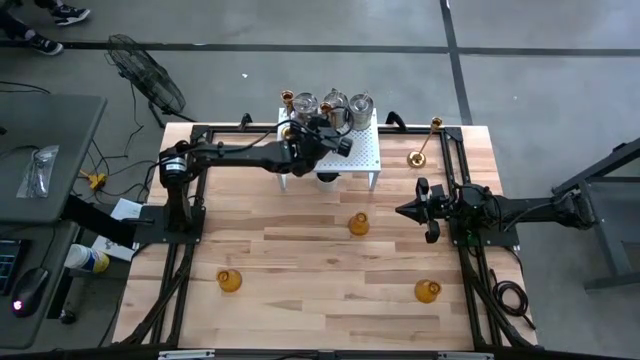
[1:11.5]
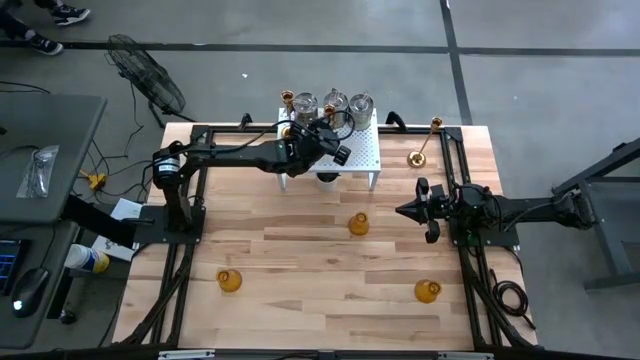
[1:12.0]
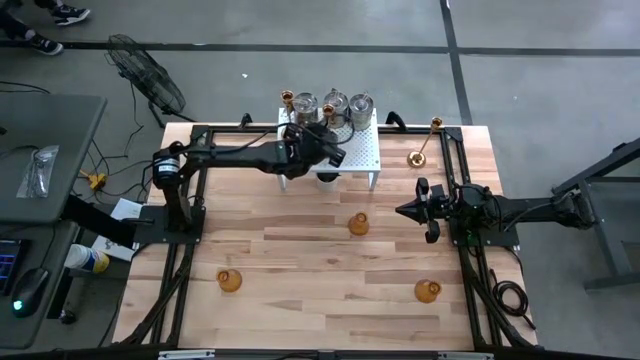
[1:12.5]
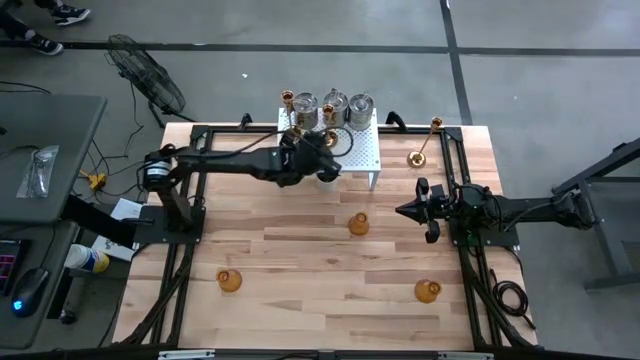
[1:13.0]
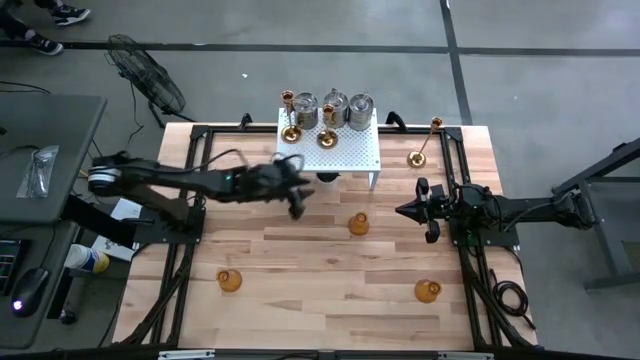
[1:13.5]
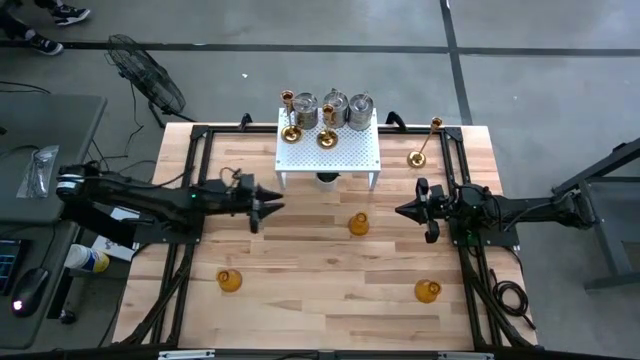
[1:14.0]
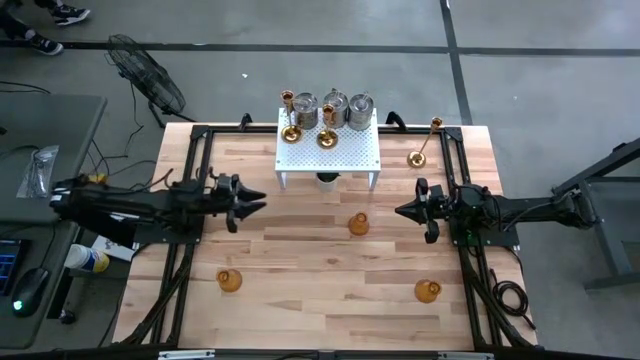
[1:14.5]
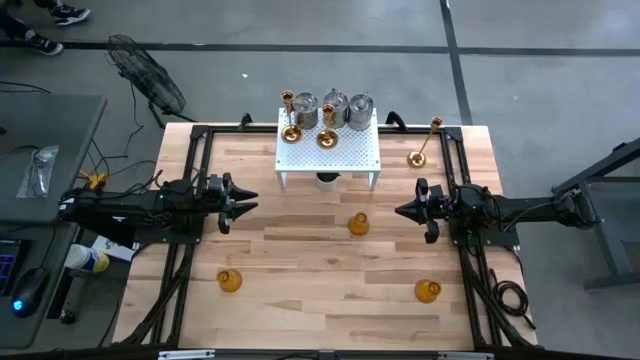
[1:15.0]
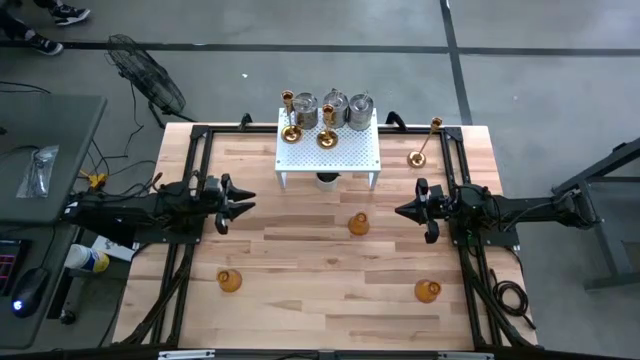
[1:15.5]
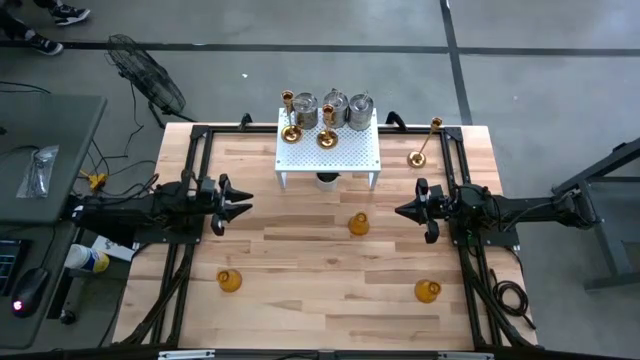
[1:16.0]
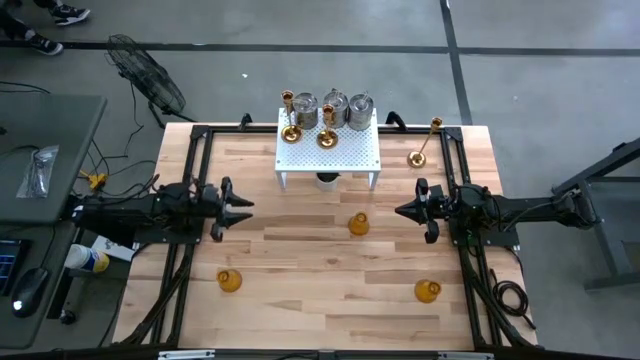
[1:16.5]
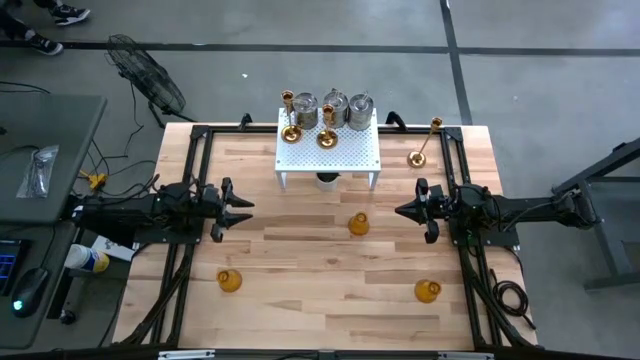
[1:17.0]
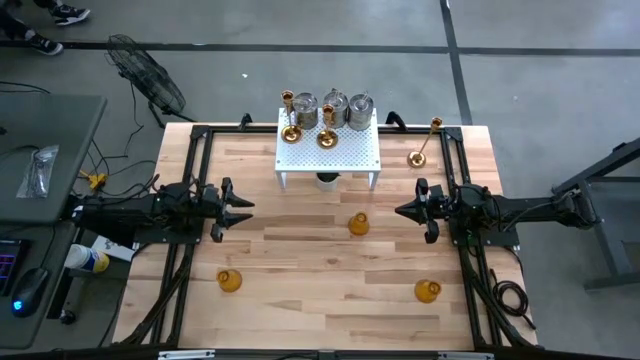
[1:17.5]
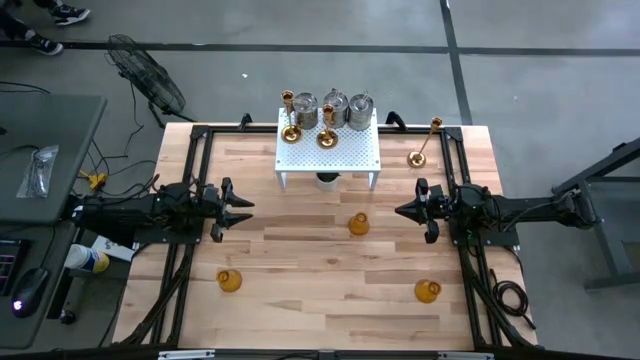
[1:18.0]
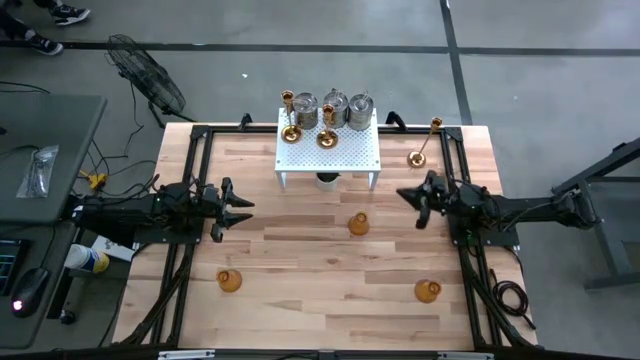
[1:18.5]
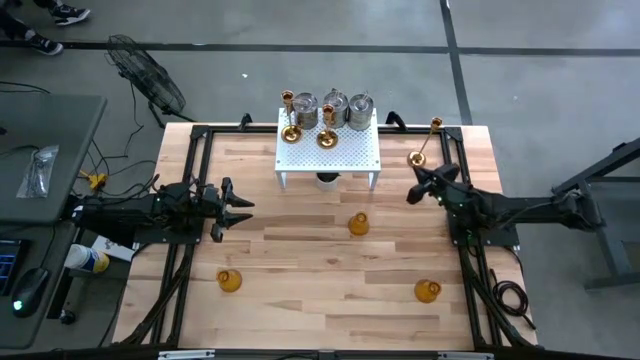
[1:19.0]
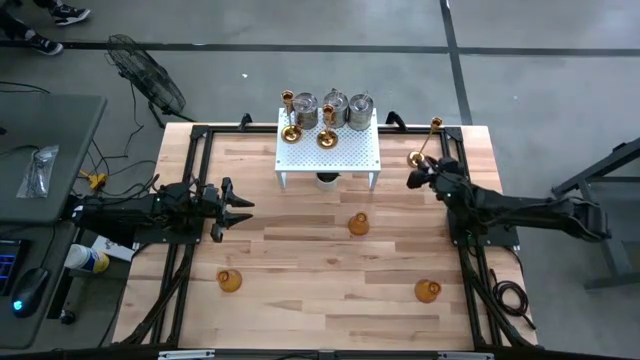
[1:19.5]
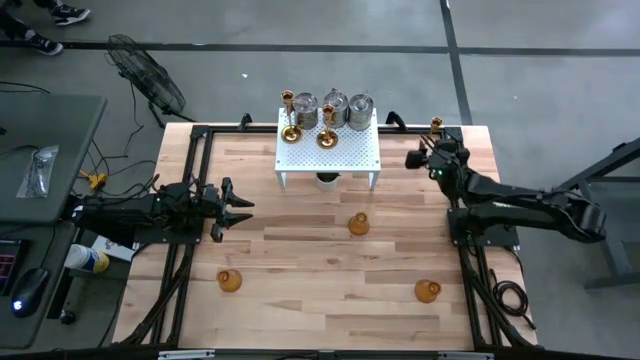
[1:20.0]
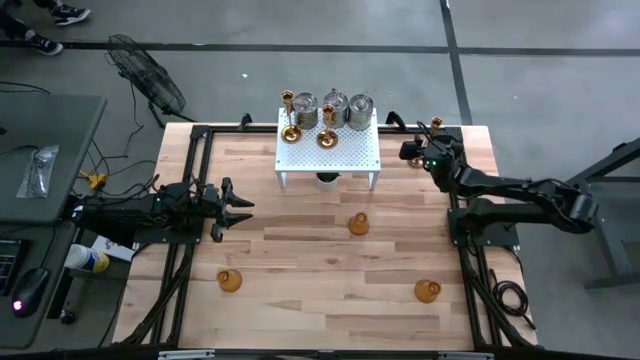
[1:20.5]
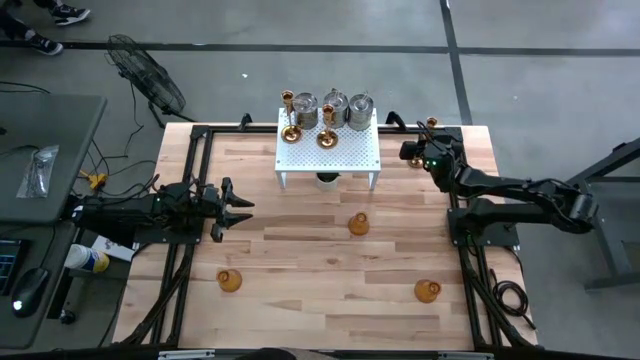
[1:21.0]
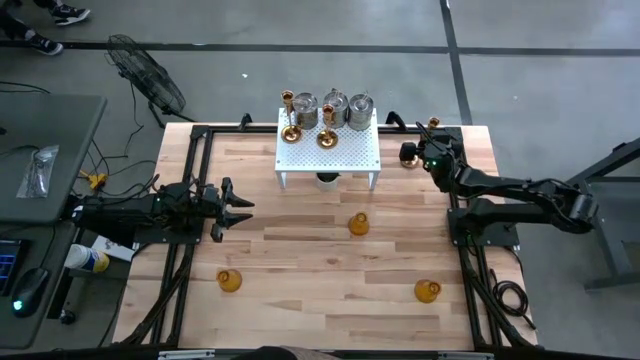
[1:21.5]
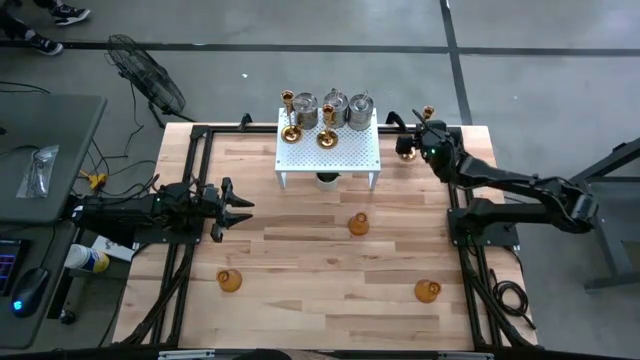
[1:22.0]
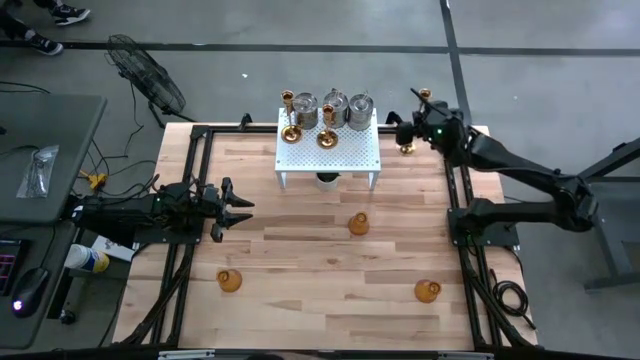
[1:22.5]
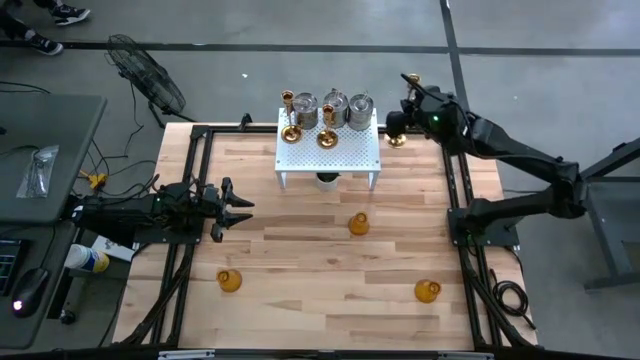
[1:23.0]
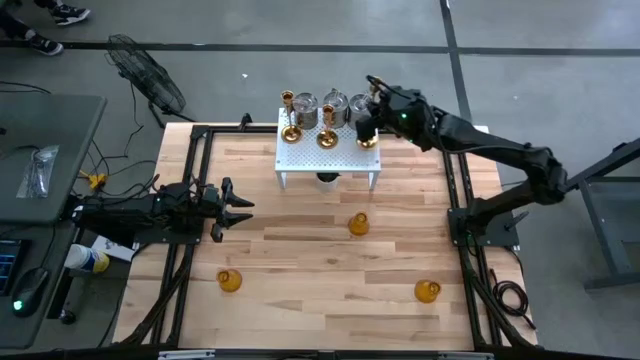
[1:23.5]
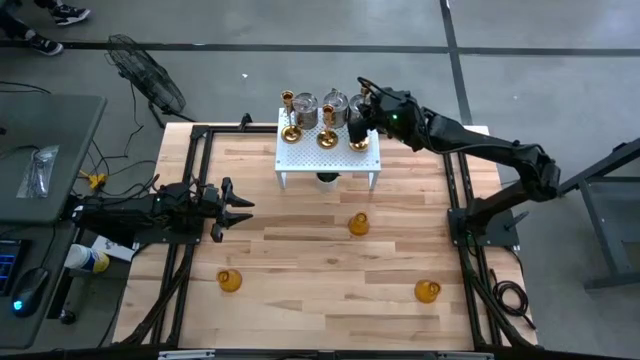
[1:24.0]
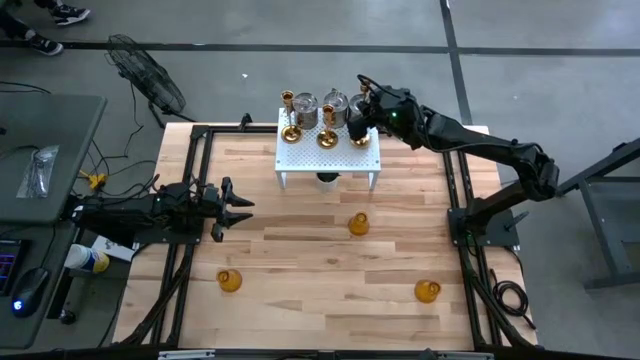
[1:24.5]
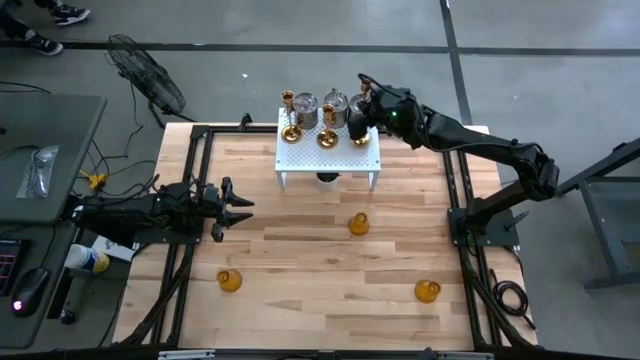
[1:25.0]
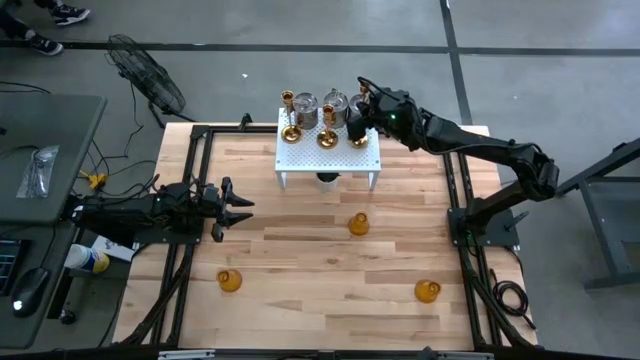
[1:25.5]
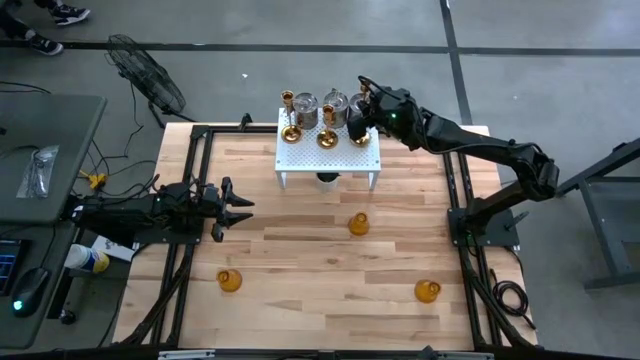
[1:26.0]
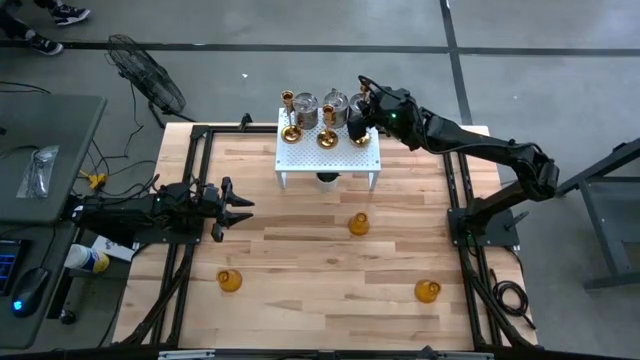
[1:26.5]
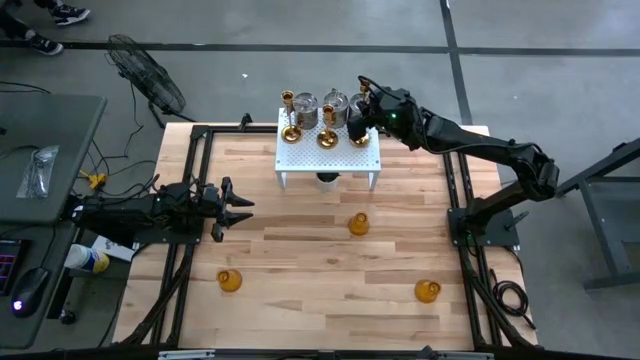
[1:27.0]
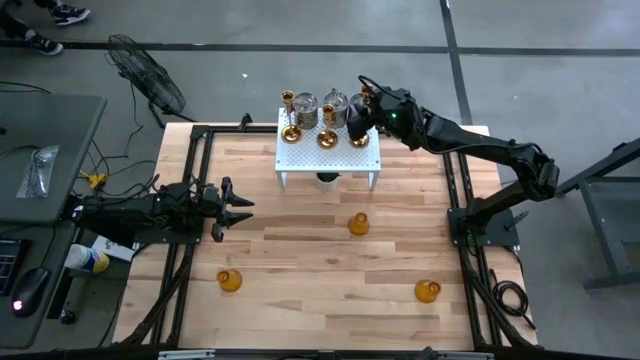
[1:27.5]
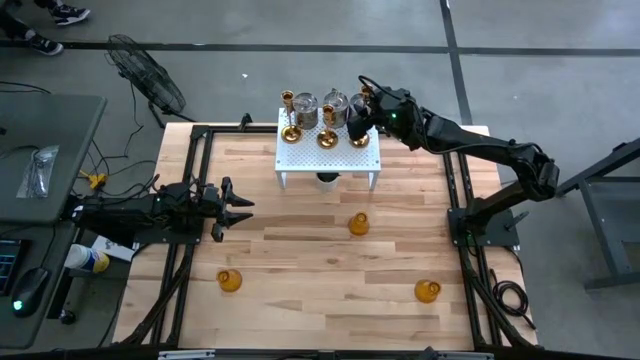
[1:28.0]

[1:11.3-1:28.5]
Task: Pick & Place candle stick holders
Put the gold candlestick holder on the shelf

——————————

TASK PROMPT:
The records above are to be quoted exactly, with all pictures left out.

TASK SOLUTION:
[1:11.5]
[1:12.0]
[1:12.5]
[1:13.0]
[1:13.5]
[1:14.0]
[1:14.5]
[1:15.0]
[1:15.5]
[1:16.0]
[1:16.5]
[1:17.0]
[1:17.5]
[1:18.0]
[1:18.5]
[1:19.0]
[1:19.5]
[1:20.0]
[1:20.5]
[1:21.0]
[1:21.5]
[1:22.0]
[1:22.5]
[1:23.0]
[1:23.5]
[1:24.0]
[1:24.5]
[1:25.0]
[1:25.5]
[1:26.0]
[1:26.5]
[1:27.0]
[1:27.5]
[1:28.0]

[1:11.3-1:28.5]
Task: Pick & Place candle stick holders
Put the gold candlestick holder on the shelf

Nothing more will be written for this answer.